** RECORDS TO PROCESS follows **
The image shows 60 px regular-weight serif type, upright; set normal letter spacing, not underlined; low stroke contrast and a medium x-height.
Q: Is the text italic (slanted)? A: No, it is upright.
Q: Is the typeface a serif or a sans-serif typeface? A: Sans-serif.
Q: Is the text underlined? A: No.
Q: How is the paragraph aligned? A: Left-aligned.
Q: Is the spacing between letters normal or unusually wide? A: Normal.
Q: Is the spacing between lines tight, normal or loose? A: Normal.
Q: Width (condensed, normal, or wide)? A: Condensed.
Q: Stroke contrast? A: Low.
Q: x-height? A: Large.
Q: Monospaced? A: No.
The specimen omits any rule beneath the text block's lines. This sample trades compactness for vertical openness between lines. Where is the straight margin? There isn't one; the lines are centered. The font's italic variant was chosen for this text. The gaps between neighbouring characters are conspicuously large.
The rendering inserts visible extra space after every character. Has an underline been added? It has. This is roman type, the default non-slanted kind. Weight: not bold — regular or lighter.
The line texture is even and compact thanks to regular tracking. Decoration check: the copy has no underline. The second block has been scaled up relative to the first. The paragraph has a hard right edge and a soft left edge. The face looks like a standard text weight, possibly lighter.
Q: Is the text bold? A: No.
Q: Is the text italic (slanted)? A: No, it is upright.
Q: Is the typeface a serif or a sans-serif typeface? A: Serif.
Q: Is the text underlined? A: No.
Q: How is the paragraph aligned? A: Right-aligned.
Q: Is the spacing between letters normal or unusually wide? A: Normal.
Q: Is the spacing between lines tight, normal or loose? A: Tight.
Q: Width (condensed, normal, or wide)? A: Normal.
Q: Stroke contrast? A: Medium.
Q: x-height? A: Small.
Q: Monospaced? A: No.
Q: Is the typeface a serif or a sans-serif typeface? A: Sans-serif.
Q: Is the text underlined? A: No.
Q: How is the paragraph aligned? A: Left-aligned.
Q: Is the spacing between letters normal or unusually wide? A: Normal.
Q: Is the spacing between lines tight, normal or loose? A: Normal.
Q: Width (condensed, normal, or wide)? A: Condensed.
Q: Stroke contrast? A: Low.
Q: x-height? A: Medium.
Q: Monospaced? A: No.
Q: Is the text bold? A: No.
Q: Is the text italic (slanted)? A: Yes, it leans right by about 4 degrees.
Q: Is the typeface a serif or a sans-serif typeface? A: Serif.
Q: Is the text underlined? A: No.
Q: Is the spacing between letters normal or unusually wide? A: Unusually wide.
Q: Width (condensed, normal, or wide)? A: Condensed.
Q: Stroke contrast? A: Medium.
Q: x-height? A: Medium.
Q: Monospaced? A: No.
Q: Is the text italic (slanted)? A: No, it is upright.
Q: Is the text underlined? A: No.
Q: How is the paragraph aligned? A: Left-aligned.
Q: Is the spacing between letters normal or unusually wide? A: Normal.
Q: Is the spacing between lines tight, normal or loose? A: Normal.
** End of RECORDS TO PROCESS **
** RECORDS TO PROCESS follows **
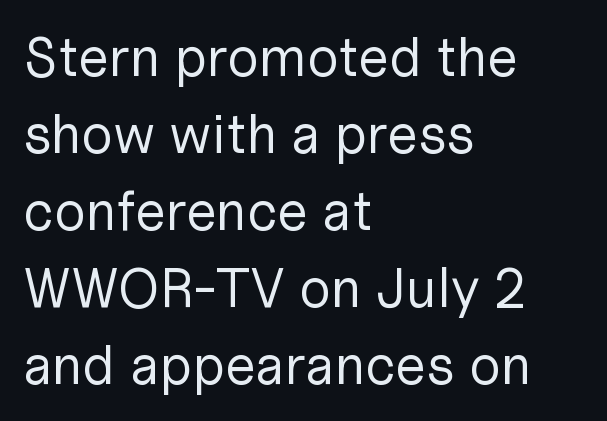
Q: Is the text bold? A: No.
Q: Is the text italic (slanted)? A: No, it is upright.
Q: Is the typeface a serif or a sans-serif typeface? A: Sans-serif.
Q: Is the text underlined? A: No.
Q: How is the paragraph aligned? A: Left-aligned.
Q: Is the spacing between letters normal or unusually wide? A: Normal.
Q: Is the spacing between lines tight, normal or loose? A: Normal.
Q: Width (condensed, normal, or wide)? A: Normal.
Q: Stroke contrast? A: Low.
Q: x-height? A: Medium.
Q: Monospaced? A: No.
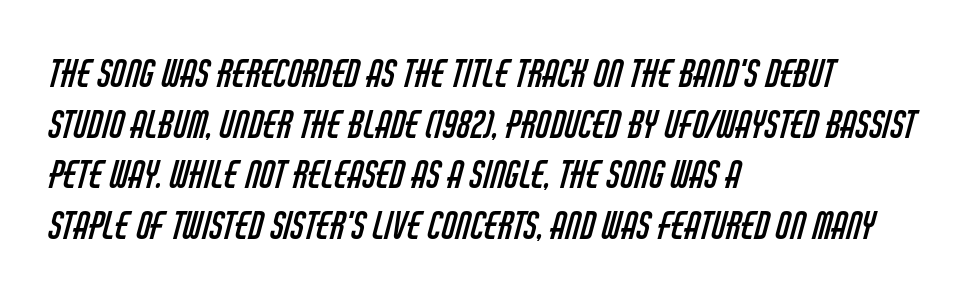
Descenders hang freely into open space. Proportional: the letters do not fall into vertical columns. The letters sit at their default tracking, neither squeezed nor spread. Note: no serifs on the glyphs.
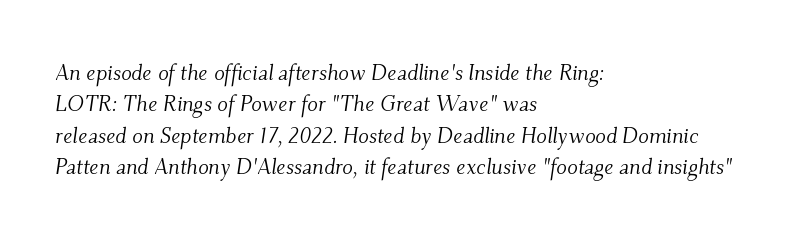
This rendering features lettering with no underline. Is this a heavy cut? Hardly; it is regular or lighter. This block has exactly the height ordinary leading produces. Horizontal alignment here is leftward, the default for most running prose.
** End of RECORDS TO PROCESS **
• INSTRUCTIONS TO FOLLOW:
Given the records above, return exactly the lines starting at the line containing "The image shows" and ending at the line containing "Q: x-height? A: Small.", including both.

• REPLY:
The image shows 60 px regular-weight serif type, upright; set normal letter spacing, not underlined; low stroke contrast and a medium x-height.
Q: Is the text italic (slanted)? A: No, it is upright.
Q: Is the typeface a serif or a sans-serif typeface? A: Sans-serif.
Q: Is the text underlined? A: No.
Q: How is the paragraph aligned? A: Left-aligned.
Q: Is the spacing between letters normal or unusually wide? A: Normal.
Q: Is the spacing between lines tight, normal or loose? A: Normal.
Q: Width (condensed, normal, or wide)? A: Condensed.
Q: Stroke contrast? A: Low.
Q: x-height? A: Large.
Q: Monospaced? A: No.
The specimen omits any rule beneath the text block's lines. This sample trades compactness for vertical openness between lines. Where is the straight margin? There isn't one; the lines are centered. The font's italic variant was chosen for this text. The gaps between neighbouring characters are conspicuously large.
The rendering inserts visible extra space after every character. Has an underline been added? It has. This is roman type, the default non-slanted kind. Weight: not bold — regular or lighter.
The line texture is even and compact thanks to regular tracking. Decoration check: the copy has no underline. The second block has been scaled up relative to the first. The paragraph has a hard right edge and a soft left edge. The face looks like a standard text weight, possibly lighter.
Q: Is the text bold? A: No.
Q: Is the text italic (slanted)? A: No, it is upright.
Q: Is the typeface a serif or a sans-serif typeface? A: Serif.
Q: Is the text underlined? A: No.
Q: How is the paragraph aligned? A: Right-aligned.
Q: Is the spacing between letters normal or unusually wide? A: Normal.
Q: Is the spacing between lines tight, normal or loose? A: Tight.
Q: Width (condensed, normal, or wide)? A: Normal.
Q: Stroke contrast? A: Medium.
Q: x-height? A: Small.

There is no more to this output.